Relative Fatty Acid Composition of Serum Lecithin in Perimenopausal Women Using Combined Hormone Replacement Therapy

Abstract

Objective: The atherogenicity of low-density lipoproteins (LDLs) is greatly enhanced when LDL is modified, particularly by oxidation. Experimental data as well as studies in rabbits and monkeys suggest an anti-oxidant effect of estrogens that results in reduced formation of oxidized LDL. Oxidized LDL in plasma is rapidly cleared from the circulation by means of scavenger receptors, and it is difficult to demonstrate direct changes using plasma samples only. The oxidative potential for the formation of oxidized LDL is derived from the polyunsaturated fatty acids of the phospholipid lecithin.
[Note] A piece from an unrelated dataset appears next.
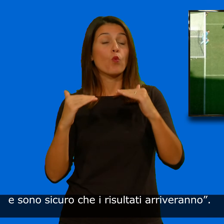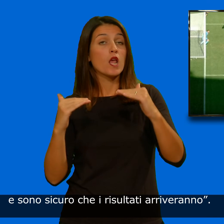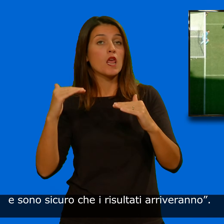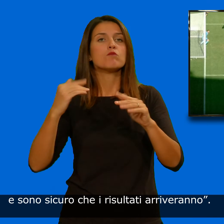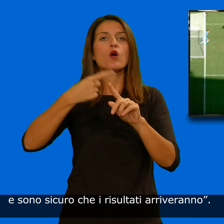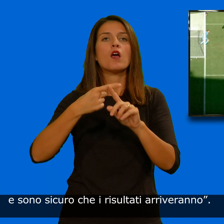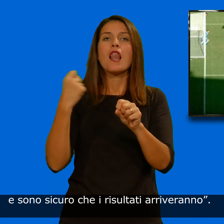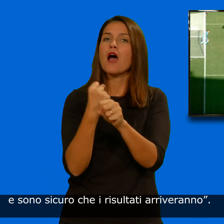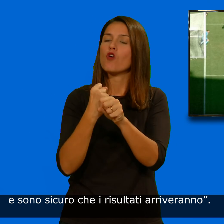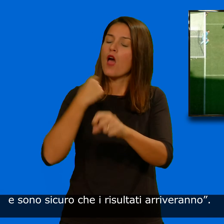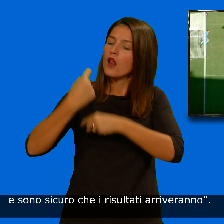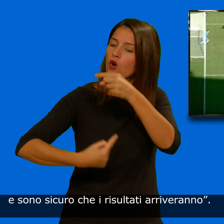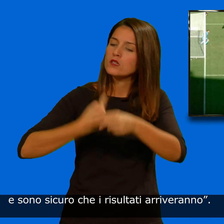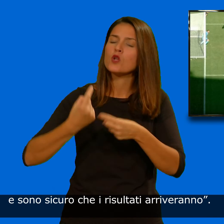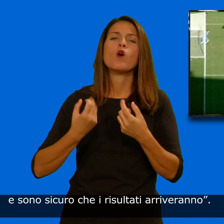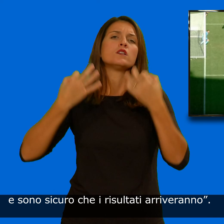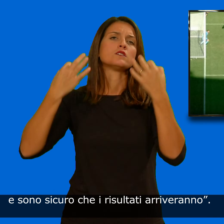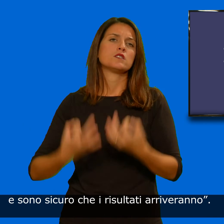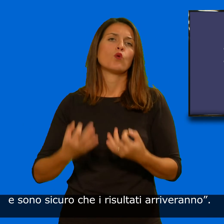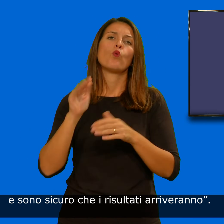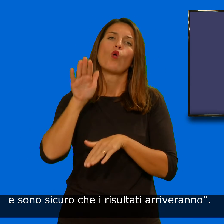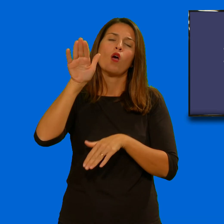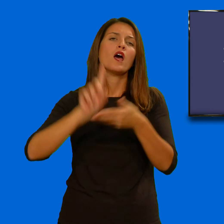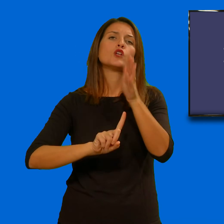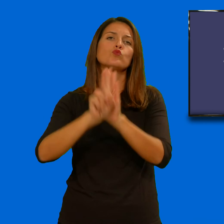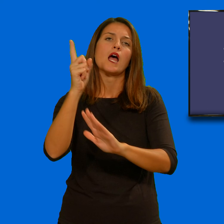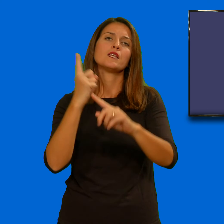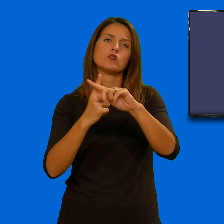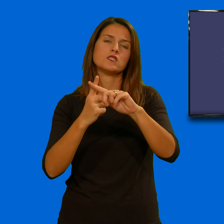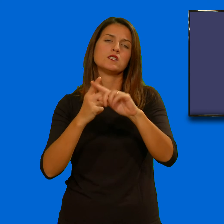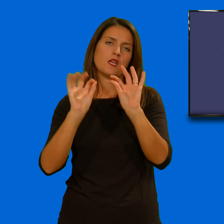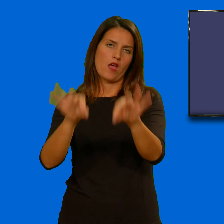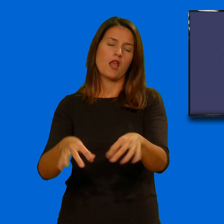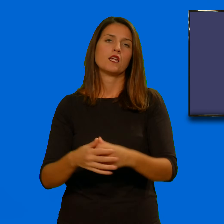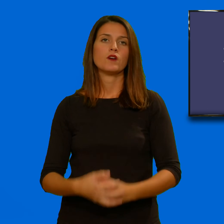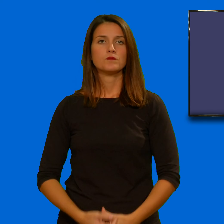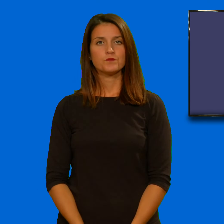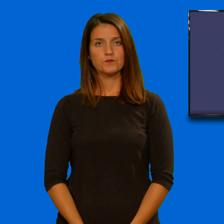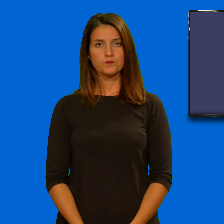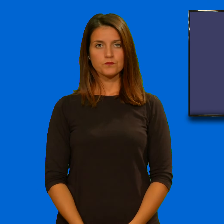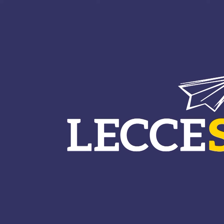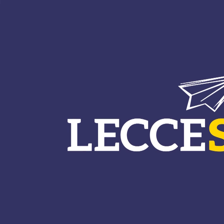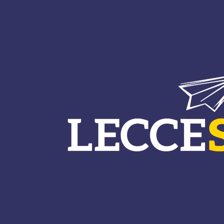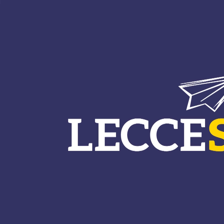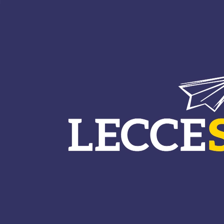Sono sicuro che i risultati arriveranno. Grazie a
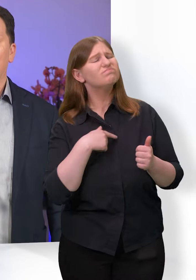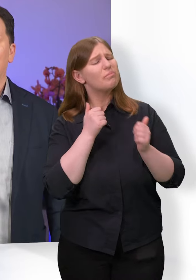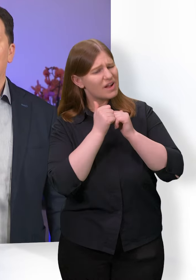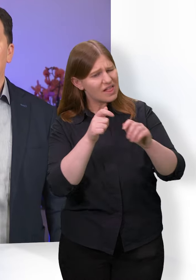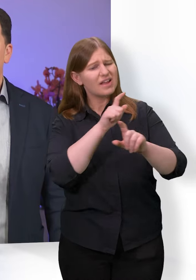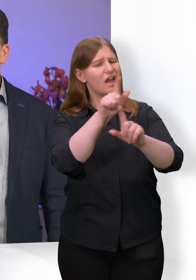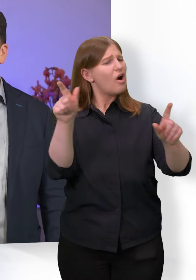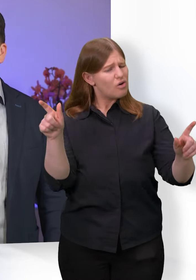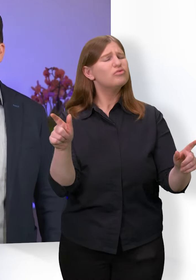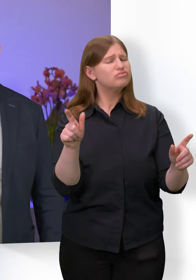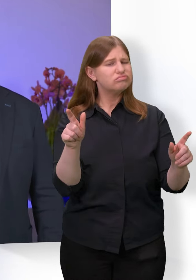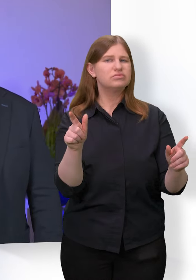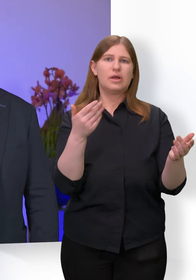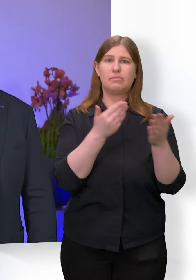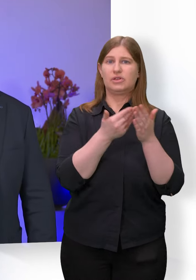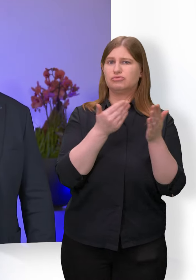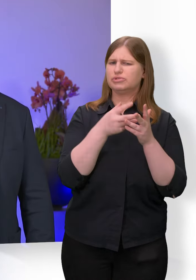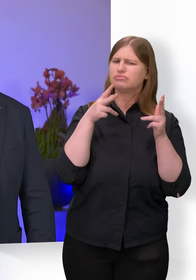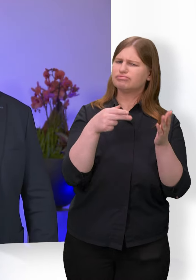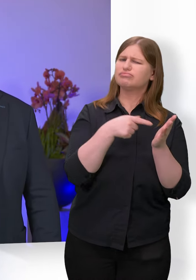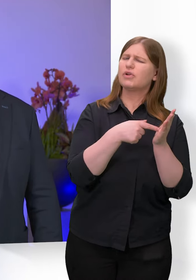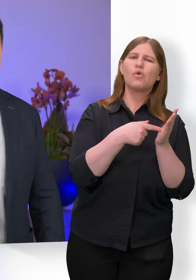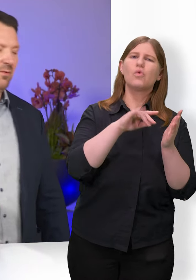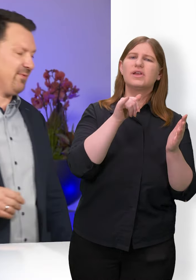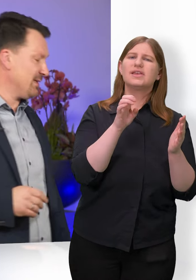Das lesen wir zum Beispiel in Jesaja 41.

For example, an increase in the relative content of linoleic and arachidonic acids in serum lecithin could tentatively be regarded as a decrease in the formation of oxidized LDL. Design: Forty perimenopausal women were given continuous hormone replacement therapy (HRT) consisting of 2 mg of estradiol daily. After random allocation, levonorgestrel comedication was given as 0.250-mg tablets for 10 days per cycle or was continuously released (0.02 mg/d) from an intrauterine device (IUD). The relative fatty acid composition of serum lecithin was determined by gas-liquid chromatography using a capillary column equipped with a flame ionization detector and a computerized identification system based on retention times. Results: Polyunsaturated acids in serum lecithin were augmented by both regimes with negligible differences between the oral and the IUD group. Conclusions: The present results indicate that estradiol in combination with either oral cyclical or continuous-release levonorgestrel inhibits formation of oxidized LDL.